**Problem to solve:** The records below are to be restated word for word, with their images omitted.

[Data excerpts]
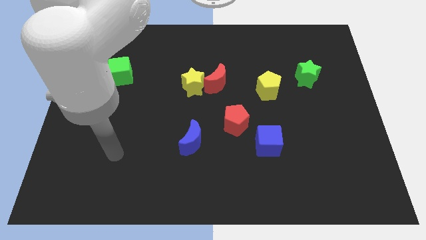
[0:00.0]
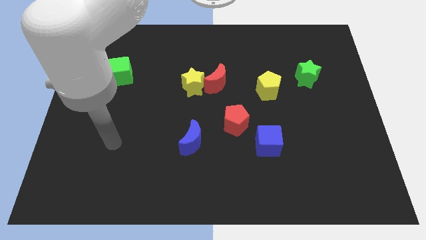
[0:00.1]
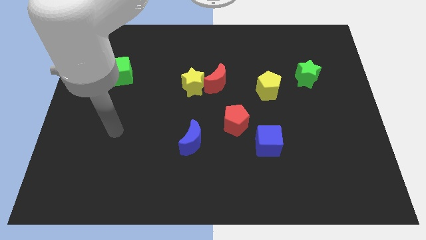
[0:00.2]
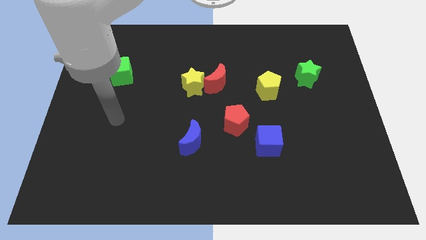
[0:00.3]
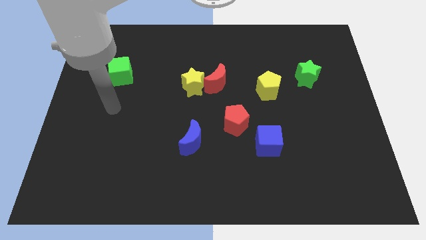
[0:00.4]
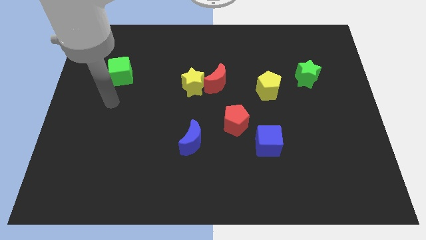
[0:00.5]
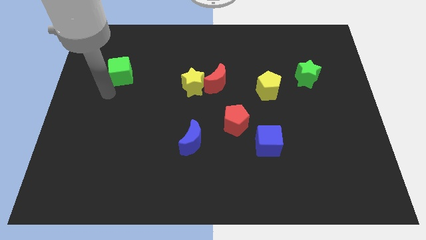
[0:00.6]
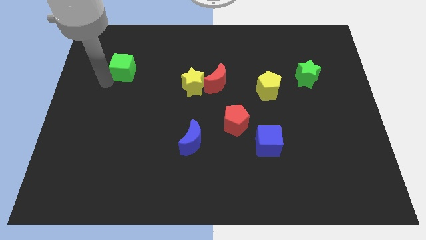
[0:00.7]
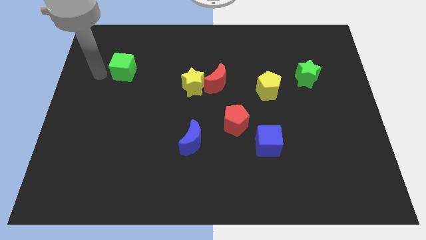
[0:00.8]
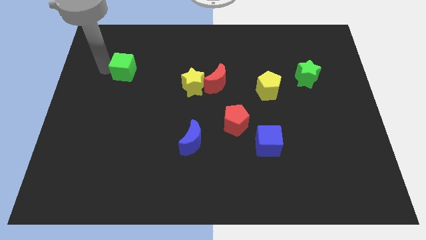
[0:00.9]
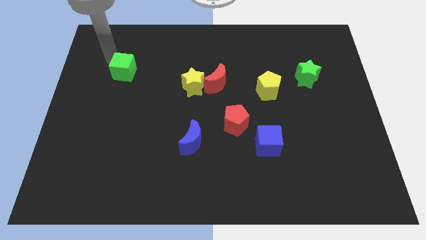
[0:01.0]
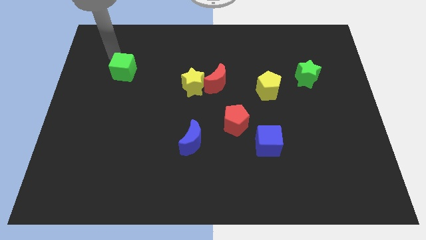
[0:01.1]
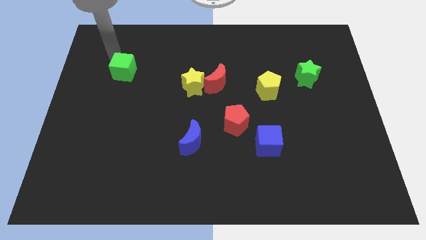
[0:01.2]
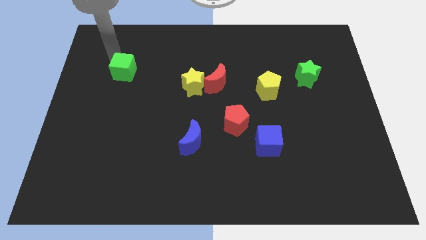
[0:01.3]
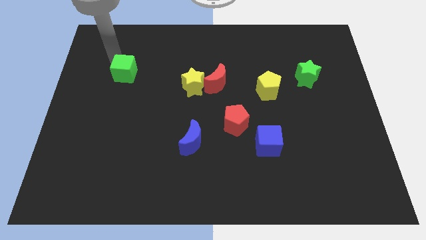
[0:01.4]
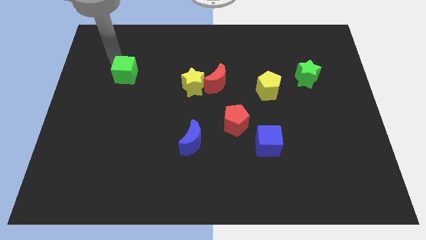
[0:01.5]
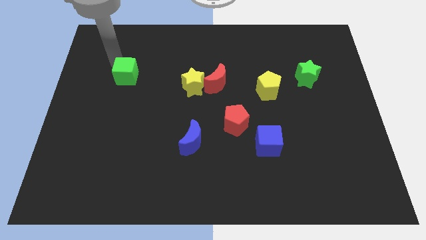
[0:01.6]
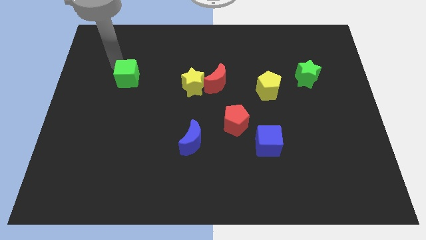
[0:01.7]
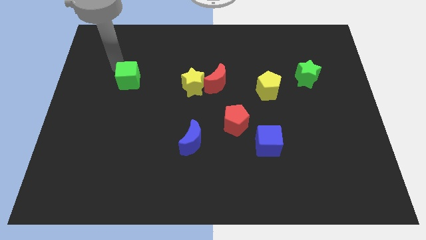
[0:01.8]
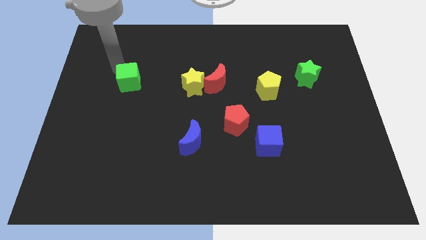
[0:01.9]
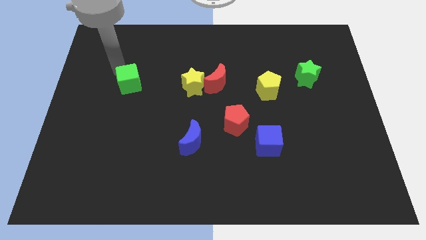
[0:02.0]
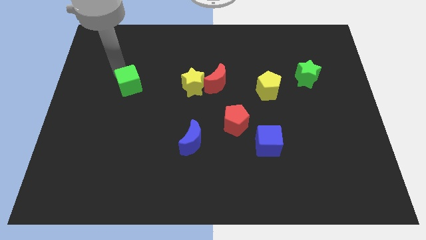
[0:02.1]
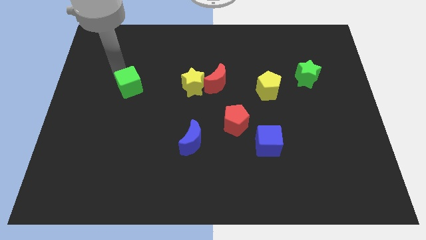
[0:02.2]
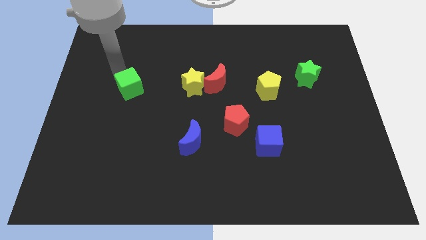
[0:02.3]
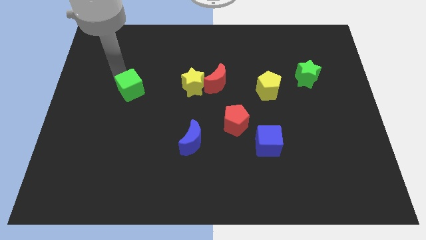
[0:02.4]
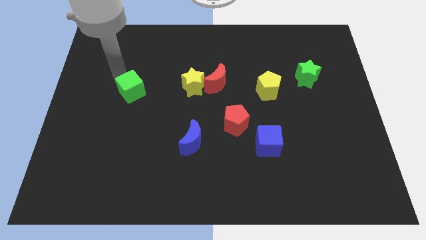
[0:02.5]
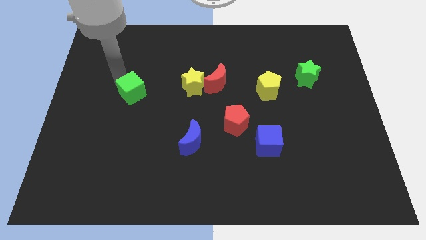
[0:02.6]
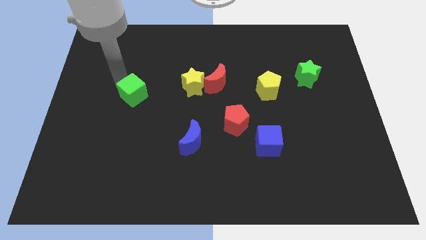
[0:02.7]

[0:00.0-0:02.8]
slightly slide the green cube downwards and to the right diagonally

**Reply to the exercise:**
[0:00.0]
[0:00.1]
[0:00.2]
[0:00.3]
[0:00.4]
[0:00.5]
[0:00.6]
[0:00.7]
[0:00.8]
[0:00.9]
[0:01.0]
[0:01.1]
[0:01.2]
[0:01.3]
[0:01.4]
[0:01.5]
[0:01.6]
[0:01.7]
[0:01.8]
[0:01.9]
[0:02.0]
[0:02.1]
[0:02.2]
[0:02.3]
[0:02.4]
[0:02.5]
[0:02.6]
[0:02.7]

[0:00.0-0:02.8]
slightly slide the green cube downwards and to the right diagonally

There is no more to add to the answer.